Problem details.
Gather every line of the entries that includes the word "height".

===== Material to process

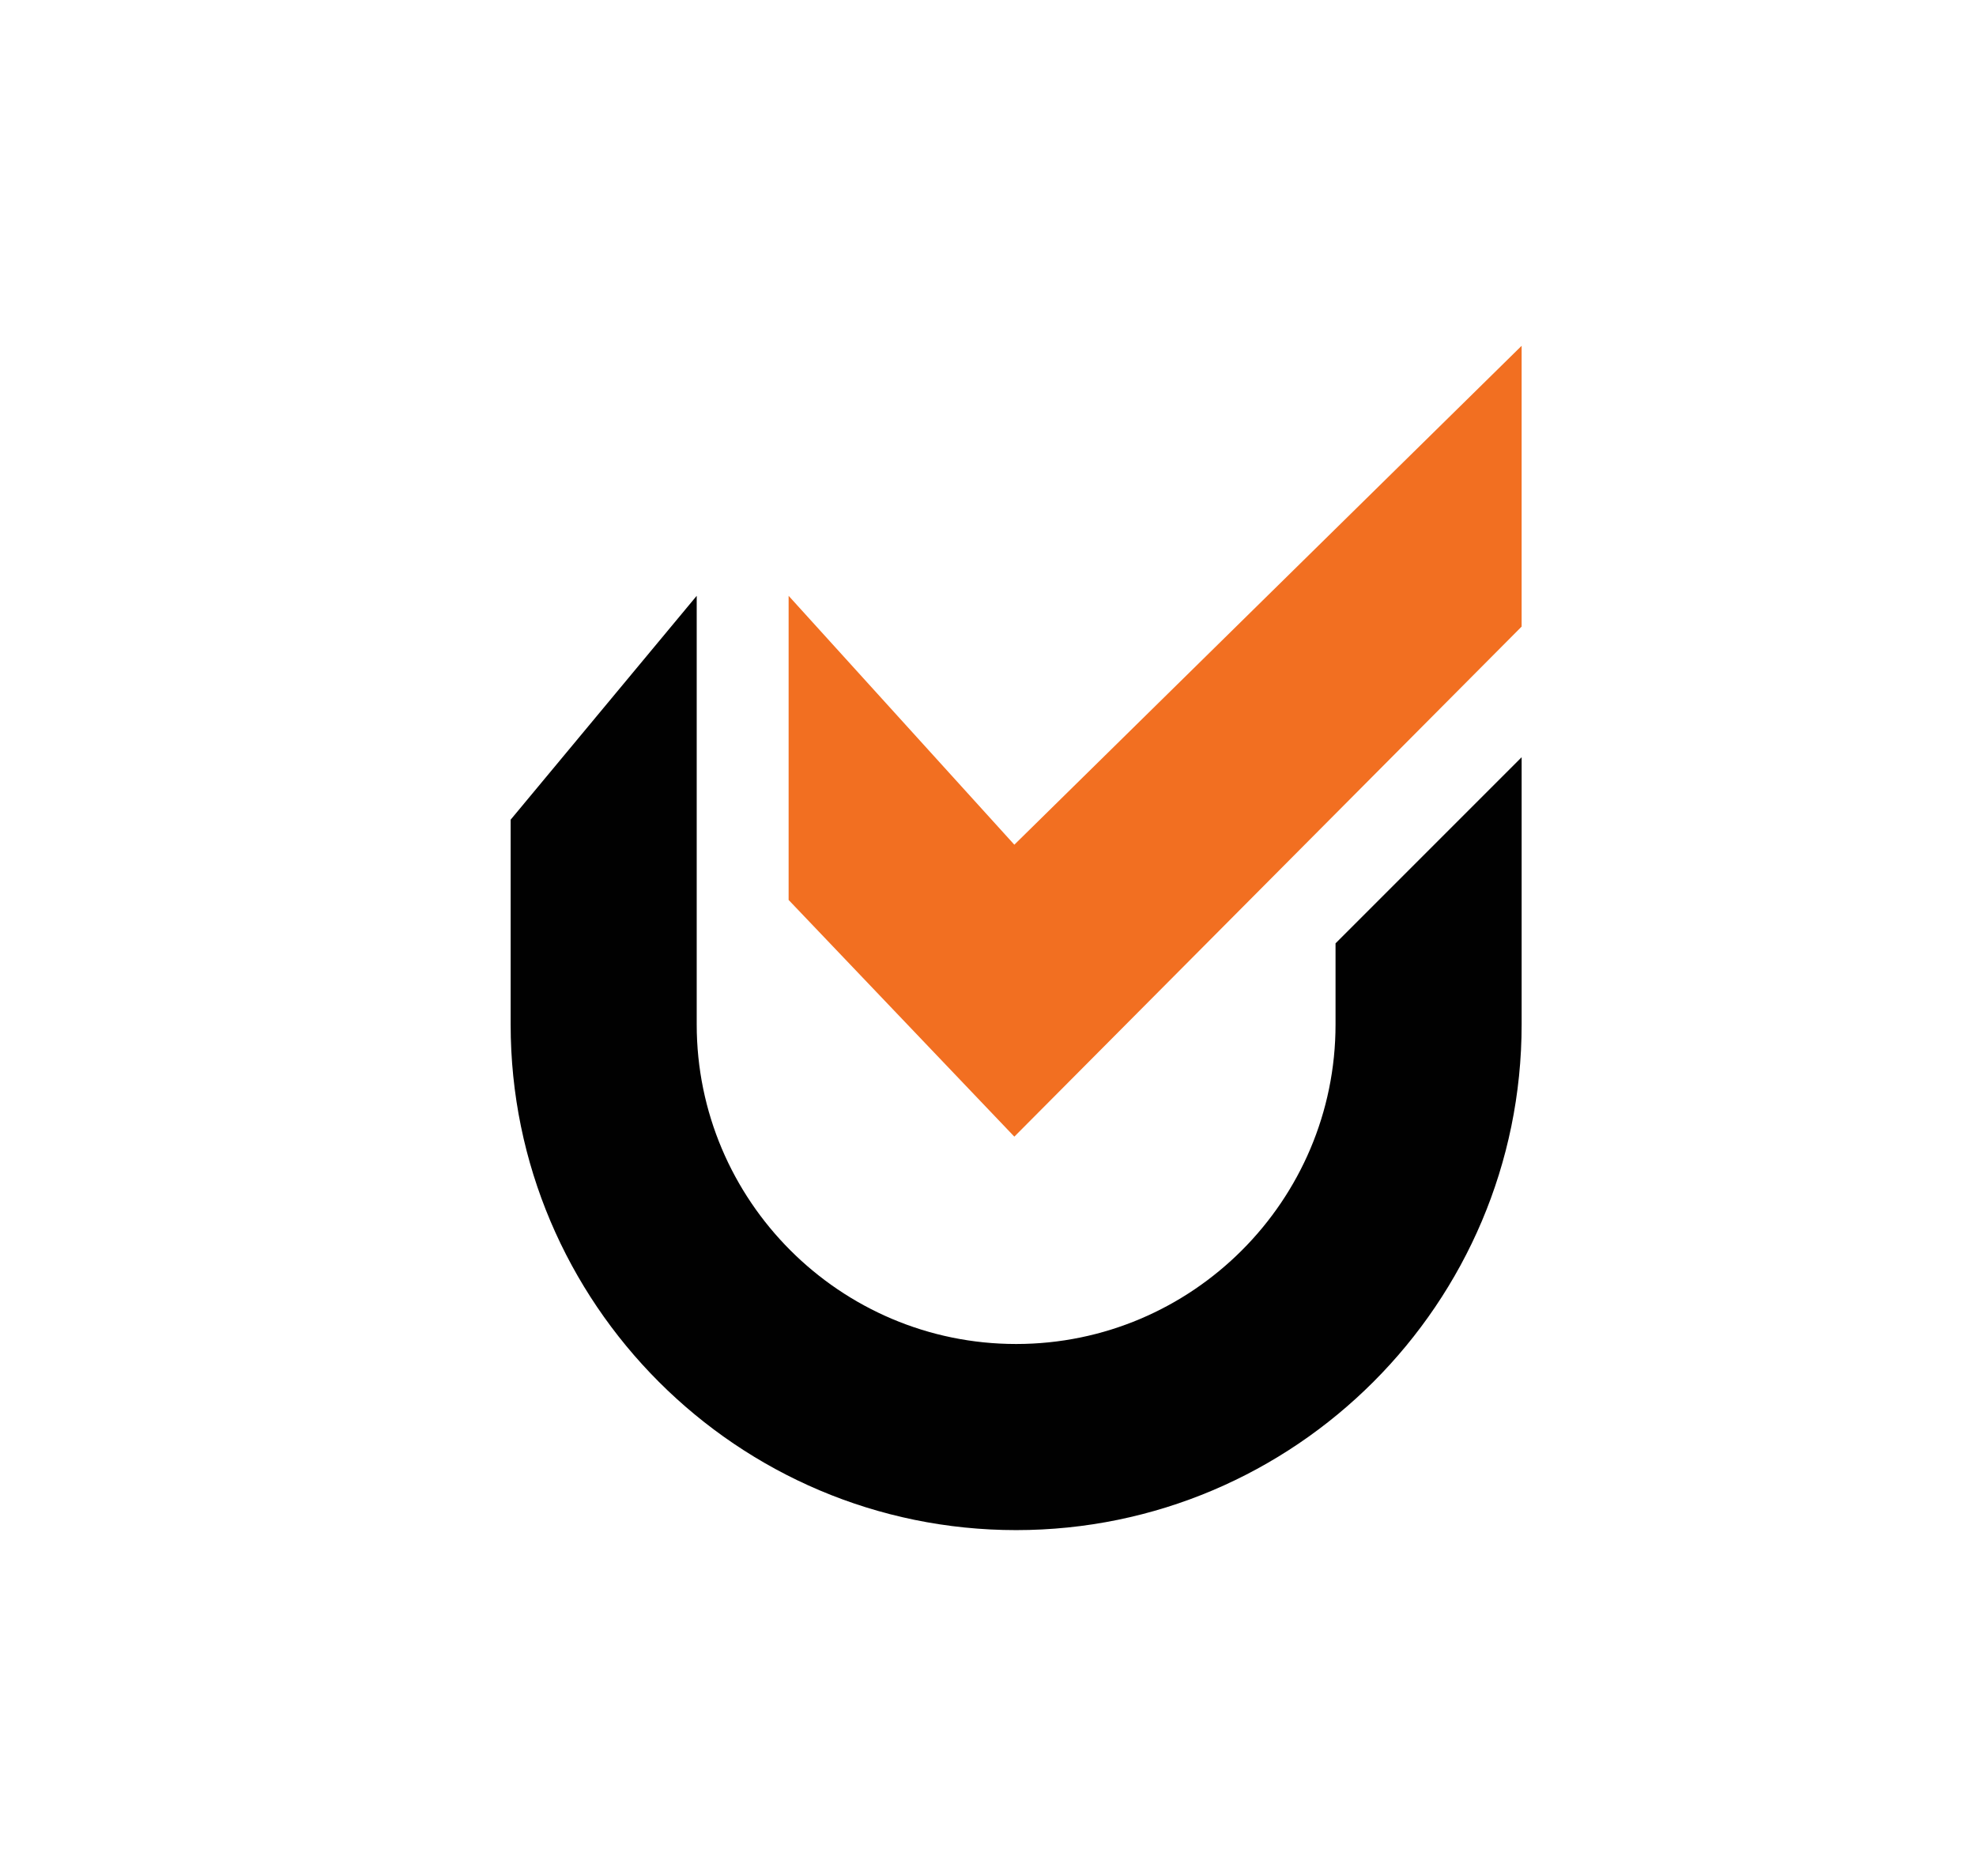 <?xml version="1.0" encoding="utf-8"?>
<!-- Generator: Adobe Illustrator 16.0.0, SVG Export Plug-In . SVG Version: 6.00 Build 0)  -->
<!DOCTYPE svg PUBLIC "-//W3C//DTD SVG 1.1//EN" "http://www.w3.org/Graphics/SVG/1.1/DTD/svg11.dtd">
<svg version="1.1" id="katman_1" xmlns="http://www.w3.org/2000/svg" xmlns:xlink="http://www.w3.org/1999/xlink" x="0px" y="0px"
	 width="590px" height="560px" viewBox="0 0 590 560" enable-background="new 0 0 590 560" xml:space="preserve">
<polygon fill="#F26F21" points="454.333,103.227 454.333,187.049 302.863,339.314 235.467,268.654 235.467,177.864 302.863,252.162 
	"/>
<g>
	<defs>
		<rect id="SVGID_1_" x="31.723" y="8.323" width="543.354" height="543.352"/>
	</defs>
	<clipPath id="SVGID_2_">
		<use xlink:href="#SVGID_1_"  overflow="visible"/>
	</clipPath>
	<path clip-path="url(#SVGID_2_)" fill="#010101" d="M454.333,226.05v79.788c0,83.229-67.708,150.934-150.932,150.934
		c-83.229,0-150.931-67.705-150.931-150.934v-61.143l55.557-66.831v127.974c0,52.59,42.784,95.375,95.374,95.375
		c52.584,0,95.368-42.785,95.368-95.375v-24.23L454.333,226.05z"/>
</g>
</svg>

==========

Solution.
	 width="590px" height="560px" viewBox="0 0 590 560" enable-background="new 0 0 590 560" xml:space="preserve">
		<rect id="SVGID_1_" x="31.723" y="8.323" width="543.354" height="543.352"/>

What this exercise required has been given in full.